Caches are frequently implemented in various computer architectures to facilitate rapid access to frequently-used data. Such architectures typically support cache operation instructions to manage the caches. For example, a single processor architecture (i.e., a single core system) may include an appropriate instruction that, when executed, will cause all caches of the system to be flushed.
Existing cache operation instructions have generally been developed for single core systems and are implemented to operate on a cache line basis or over an entire caching structure as a whole. Despite the introduction of multi-level cache structures, existing cache operation instructions such as those developed for x86 compatible processors do not provide fine-grained control over individual levels of a given cache hierarchy.
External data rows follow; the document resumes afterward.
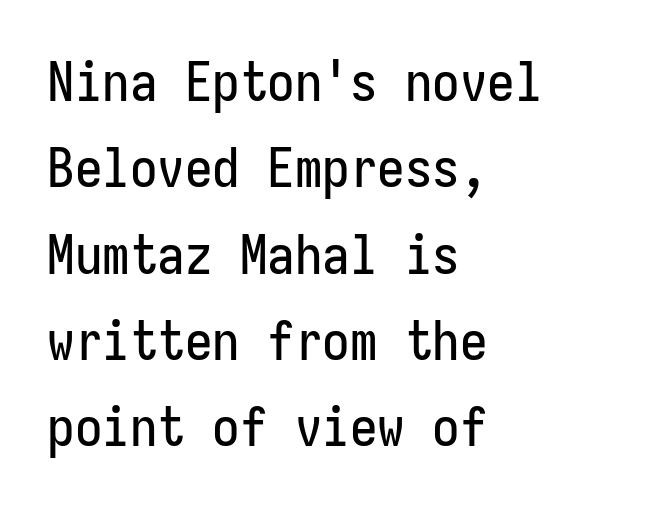
The image shows 55 px condensed sans-serif type, upright; set left-aligned, normal line spacing (1.57x), normal letter spacing, not underlined; low stroke contrast and a medium x-height.
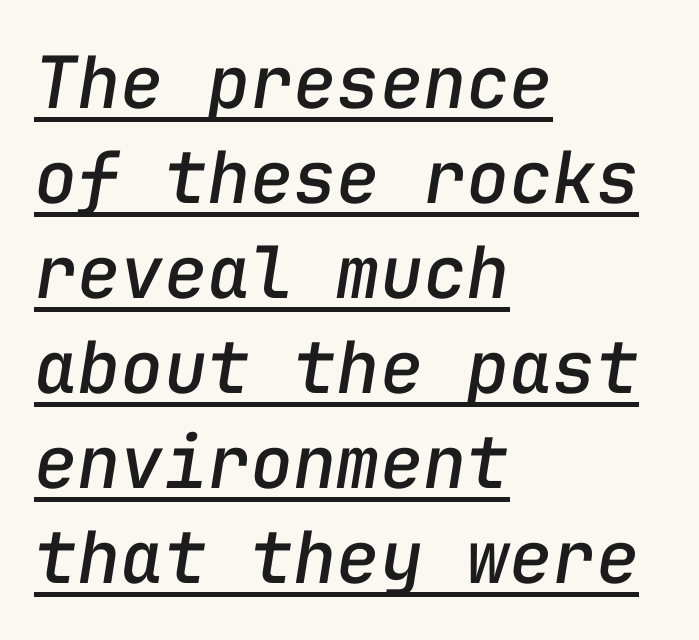
The image shows 72 px text type, italic (leaning right), monospaced; set left-aligned, normal line spacing (1.32x), normal letter spacing, underlined; low stroke contrast and a medium x-height.
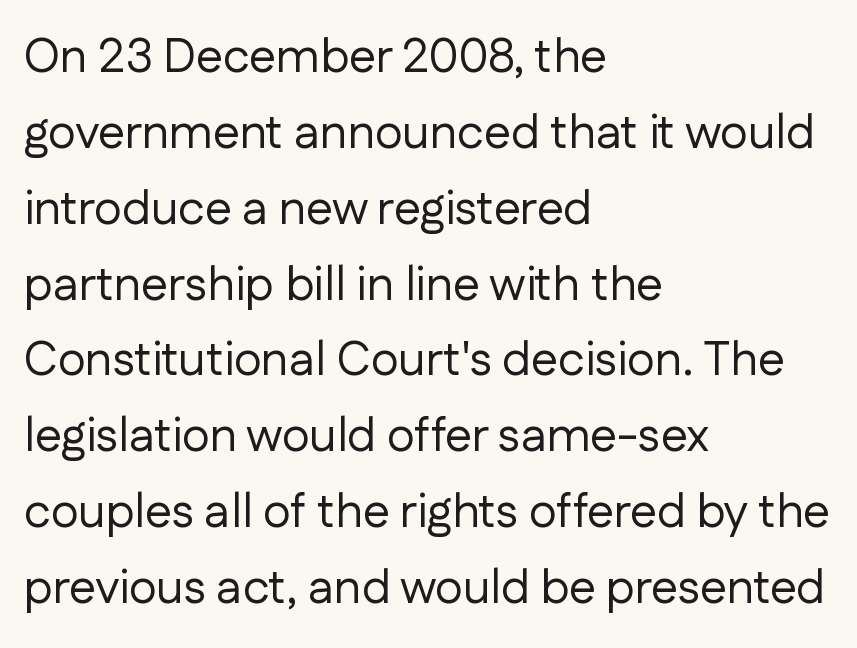
The image shows 48 px regular-weight sans-serif type, upright; set left-aligned, normal line spacing (1.58x), normal letter spacing, not underlined; low stroke contrast and a medium x-height.
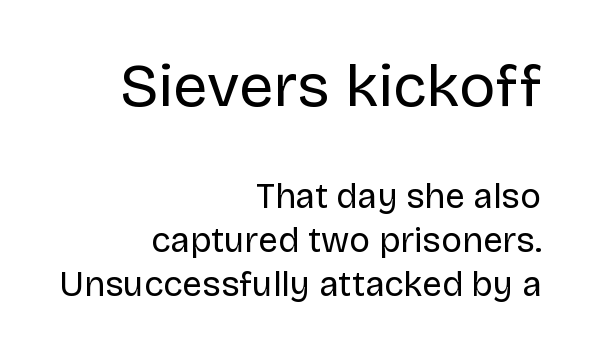
Character widths vary here, with narrow letters taking less room than wide ones. The lines sit at an ordinary, default distance from one another. The font sits on the lighter half of the weight spectrum, regular included. Caption: multi-line text, flush right, ragged left.
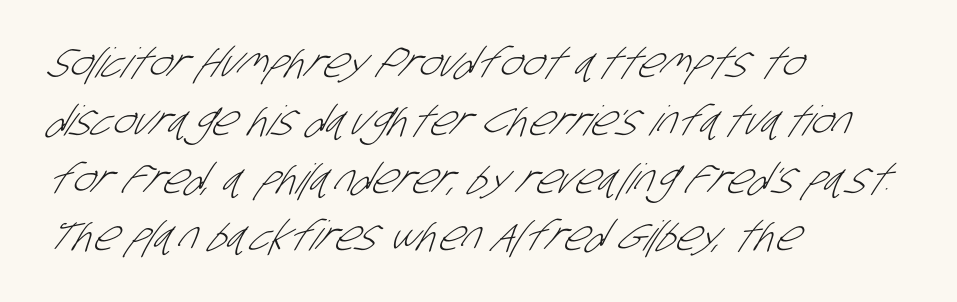
On a weight scale, this lands at 450 or below. The space between consecutive lines is moderate. Descender tails drop into unmarked territory. Note the varied advance widths — an 'i' is clearly narrower than an 'm'. If you drew a ruler down the left edge, every line would touch it.

Moreover, existing cache operations are generally ill-suited to provide satisfactory performance in architectures using plural processors (i.e., dual core or multi-core systems). These various limitations are particularly troublesome in power-managed systems where any combination of the cores and the caches might be powered up or down at any given time.
For example, a multi-core system may employ multiple caches configured in a multi-level cache hierarchy. Some of the caches may be used exclusively by individual processors, while others may be shared by several or all of the processors. During operation, it may be advantageous to power down one core while allowing a second core to continue processing. Using existing cache operations, the entire cache hierarchy would be flushed when the first core is powered down, including those caches shared by the second core. As a result, the performance of the second core will likely suffer as the data contents of the entire shared cache must be re-established.